--- RECORDS PROVIDED ---
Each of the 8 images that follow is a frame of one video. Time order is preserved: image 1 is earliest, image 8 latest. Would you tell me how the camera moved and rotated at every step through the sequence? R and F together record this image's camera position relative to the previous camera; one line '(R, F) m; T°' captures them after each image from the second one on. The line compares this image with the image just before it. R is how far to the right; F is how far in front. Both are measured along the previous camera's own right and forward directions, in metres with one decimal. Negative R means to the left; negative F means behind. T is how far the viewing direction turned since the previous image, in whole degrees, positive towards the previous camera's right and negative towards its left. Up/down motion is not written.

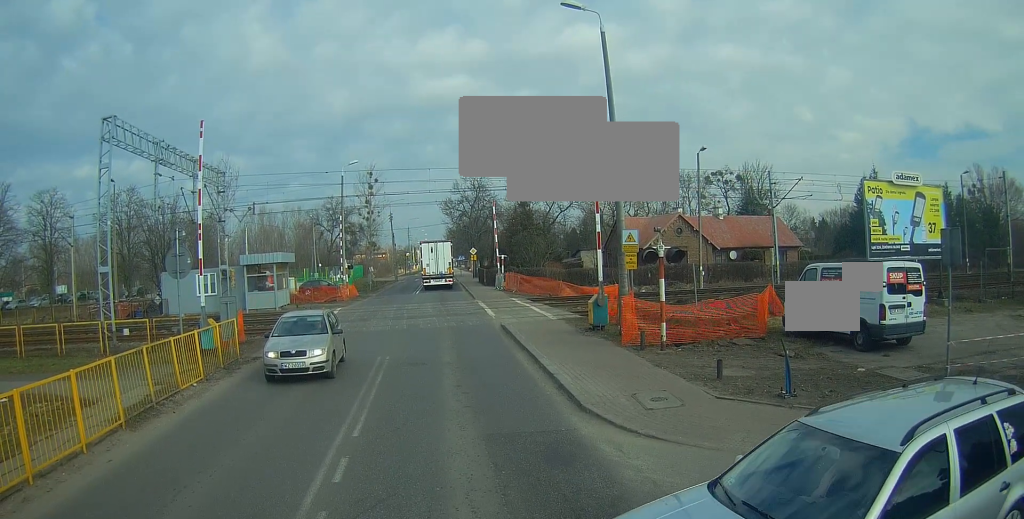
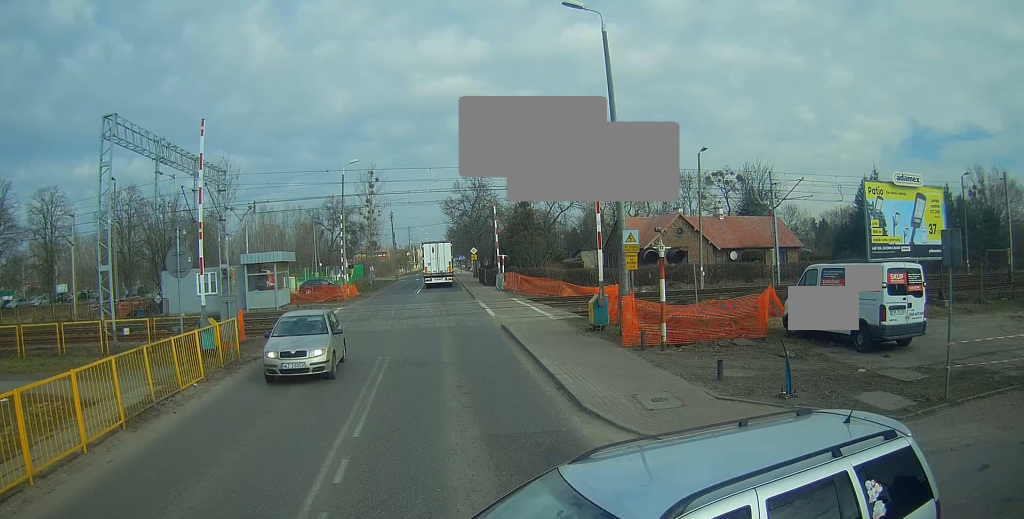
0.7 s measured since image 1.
(0.0, 0.0) m; 0°
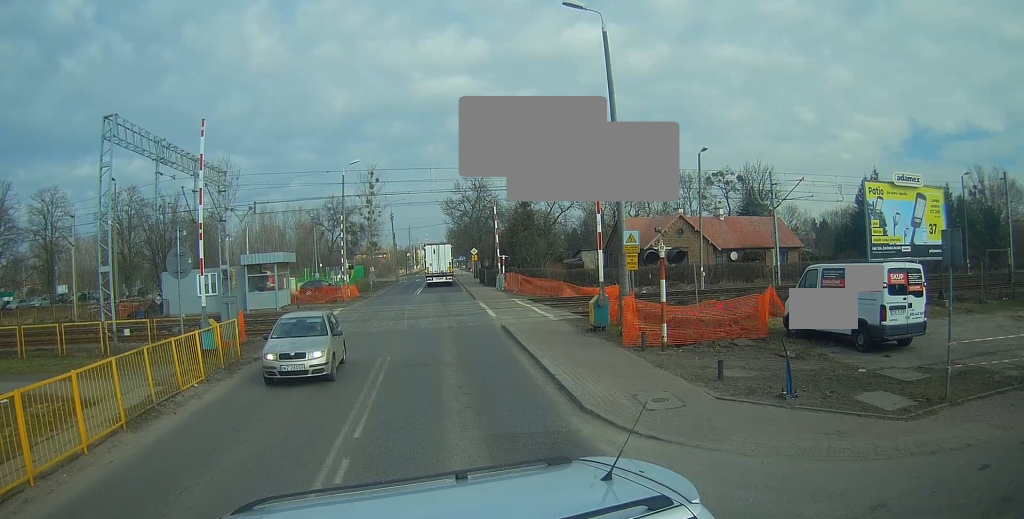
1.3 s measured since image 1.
(0.0, 0.0) m; 0°
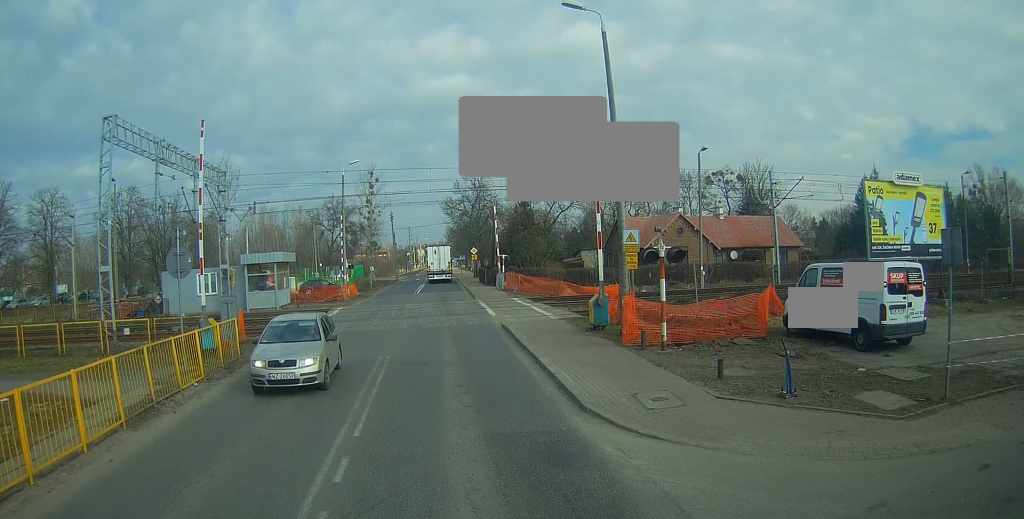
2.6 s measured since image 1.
(0.0, 0.0) m; 0°
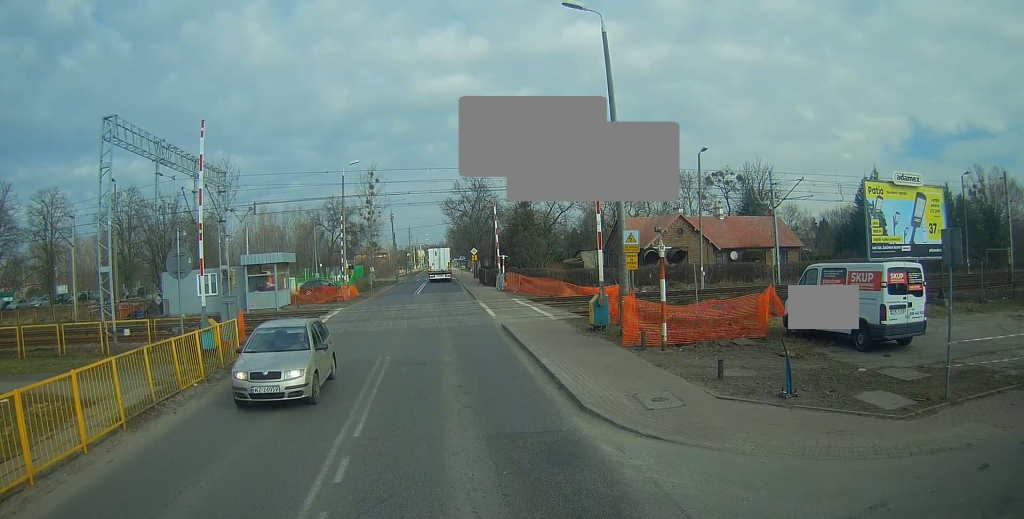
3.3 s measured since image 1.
(0.0, 0.0) m; 0°
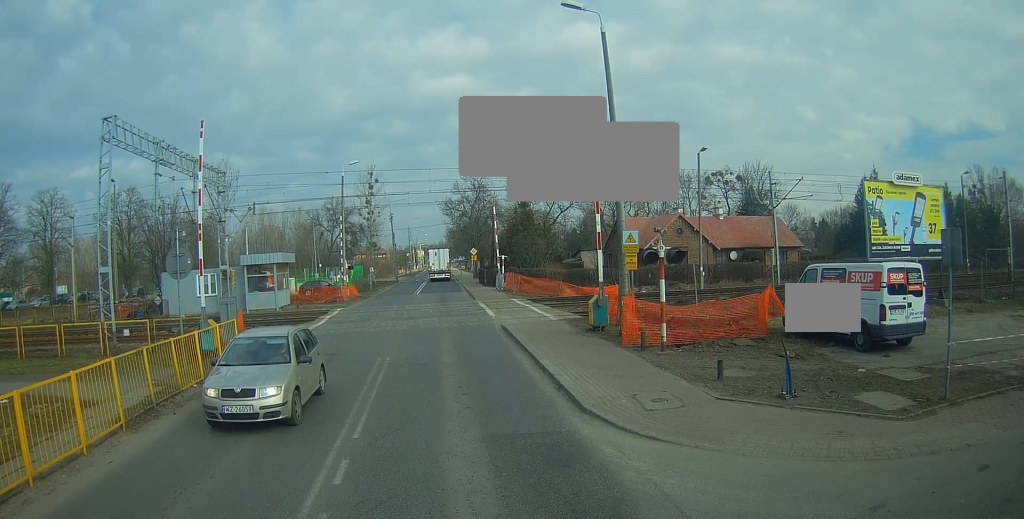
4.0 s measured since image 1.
(0.0, 0.0) m; 0°
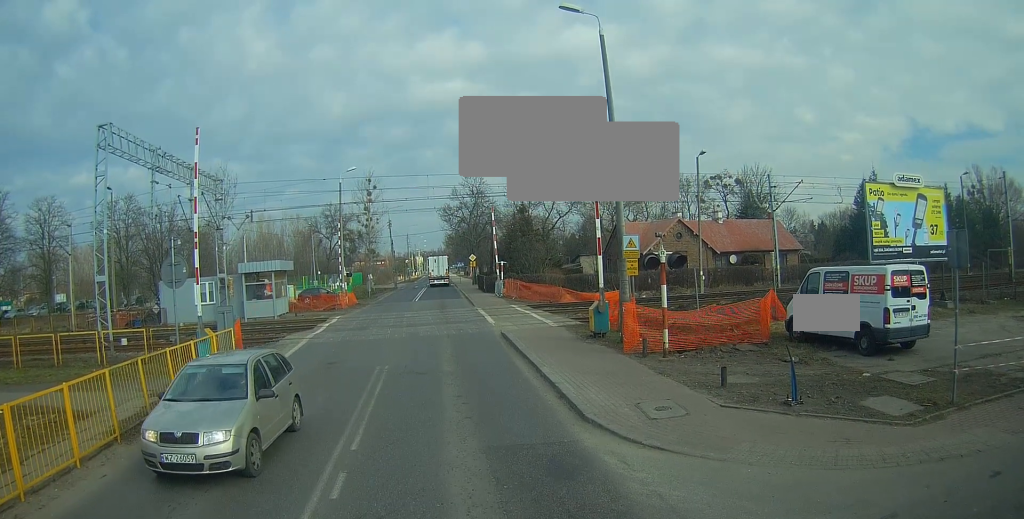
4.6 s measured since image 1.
(0.0, 0.0) m; 0°
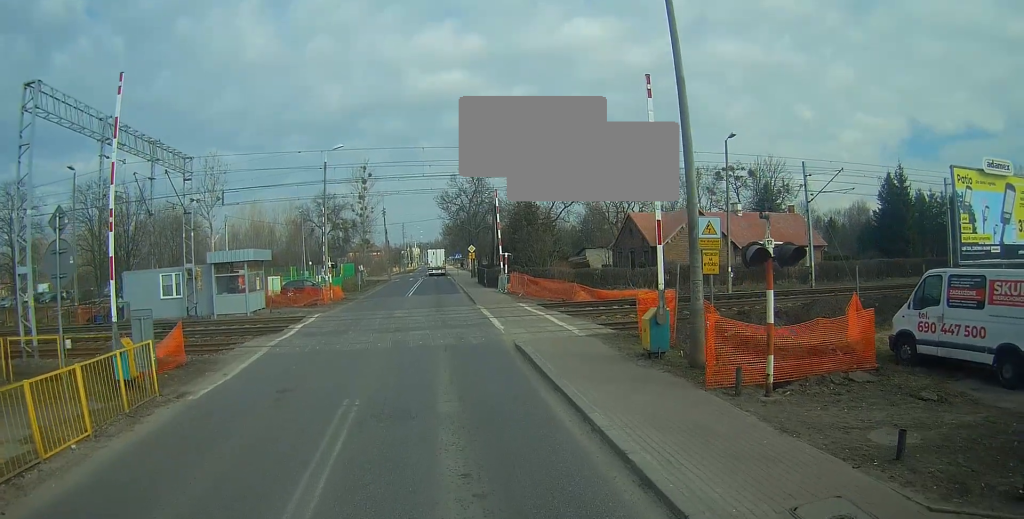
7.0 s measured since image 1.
(-0.1, +5.4) m; 0°
---
All records above must be copied exactly, though the pictures they hold are to be left out.

ANSWER SECTION:
Each of the 8 images that follow is a frame of one video. Time order is preserved: image 1 is earliest, image 8 latest. Would you tell me how the camera moved and rotated at every step through the sequence? R and F together record this image's camera position relative to the previous camera; one line '(R, F) m; T°' captures them after each image from the second one on. The line compares this image with the image just before it. R is how far to the right; F is how far in front. Both are measured along the previous camera's own right and forward directions, in metres with one decimal. Negative R means to the left; negative F means behind. T is how far the viewing direction turned since the previous image, in whole degrees, positive towards the previous camera's right and negative towards its left. Up/down motion is not written.

0.7 s measured since image 1.
(0.0, 0.0) m; 0°
1.3 s measured since image 1.
(0.0, 0.0) m; 0°
2.6 s measured since image 1.
(0.0, 0.0) m; 0°
3.3 s measured since image 1.
(0.0, 0.0) m; 0°
4.0 s measured since image 1.
(0.0, 0.0) m; 0°
4.6 s measured since image 1.
(0.0, 0.0) m; 0°
7.0 s measured since image 1.
(-0.1, +5.4) m; 0°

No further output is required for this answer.